At 11:48 pm PDT on April 14, Tomorrow.io’s satellite lifted off from Vandenberg Space Force Base in California on a SpaceX Falcon 9, successfully separating from the rocket and transmitting initial telemetry data shortly thereafter. After a successful commissioning process, the radar payload is now operational and providing high-fidelity global precipitation measurements, which are being ingested into Tomorrow.io’s weather intelligence platform.
“About five billion people live outside of reliable weather radar coverage today, leading to a huge gap in the quality and availability of life-saving weather information,” said Rei Goffer, chief strategy officer and co-founder of Tomorrow.io. “Those most impacted by climate change are the least equipped to deal with it today, and we are taking a major step to fix this. As the planet moves into an era of climate-induced weather catastrophes, food insecurity and new levels of volatility and risk, Tomorrow.io’s constellation will power climate adaptation for generations to come.”
Tomorrow.io initially announced its space plans in February 2021. Within only two years, the team advanced from preliminary concept to a fully functional platform that marks the beginning of a new era in weather forecasting. “Our team worked tirelessly to get to this historic moment, and it’s only just the beginning,” said John Springmann, vice president of space and sensors at Tomorrow.io. “With the initial satellite data collections complete and our integration into the Tomorrow.io platform, we are confidently moving to the next phase of operationalizing our full-scale constellation.”

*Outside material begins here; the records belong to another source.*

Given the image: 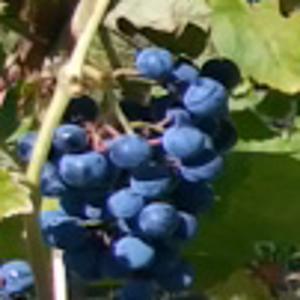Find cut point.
Returning a JSON list of instances; mask_svg holds the SVG:
<instances>
[{
  "label": "cut point",
  "mask_w": 300,
  "mask_h": 300,
  "mask_svg": "<svg viewBox=\"0 0 300 300\" xmlns=\"http://www.w3.org/2000/svg\"><path fill=\"white\" fill-rule=\"evenodd\" d=\"M79 73L89 81L97 83L101 87L102 100L108 109L112 110L119 108L120 101L115 94L113 80L107 73L96 69L86 60L83 61Z\"/></svg>",
  "instance_id": "6a23745f"
}]
</instances>
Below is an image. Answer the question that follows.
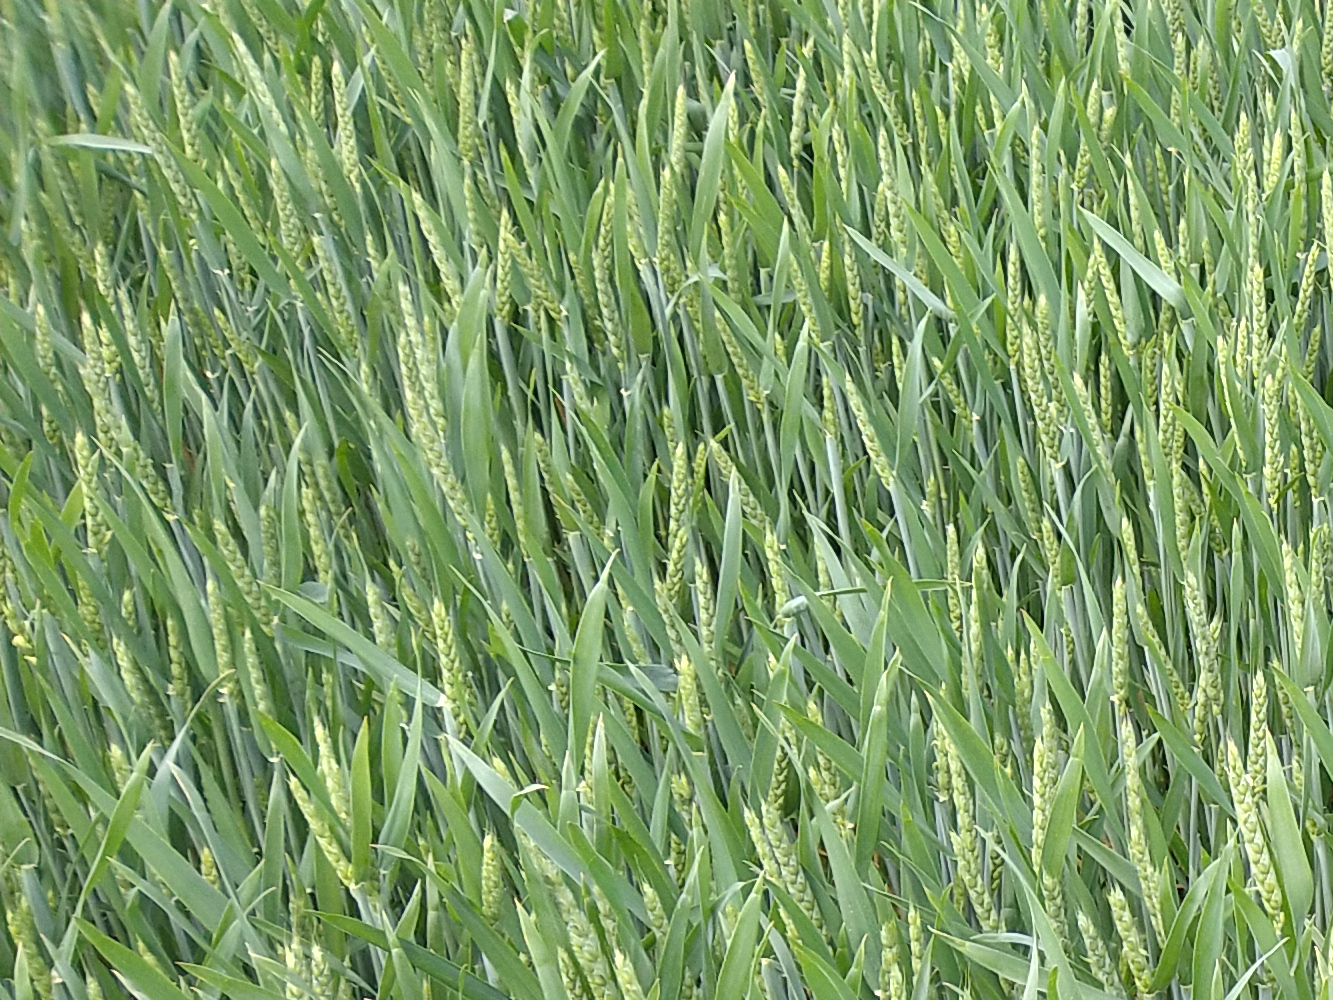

Tomorrow.io has demonstrated robust demand for the future capabilities of its constellation. The company has already been awarded more than $20M in contracts from the DOD and is executing a Collaborative R&D Agreement with NOAA. “The prospects of a commercial follow-on mission to the NASA Global Precipitation Measurement Mission but with 10 times the revisit rate, presents an incredibly exciting future to the global weather community” said Dr. J. Marshall Shepherd, Georgia Athletic Association Distinguished Professor of Geography and Atmospheric Sciences at the University of Georgia.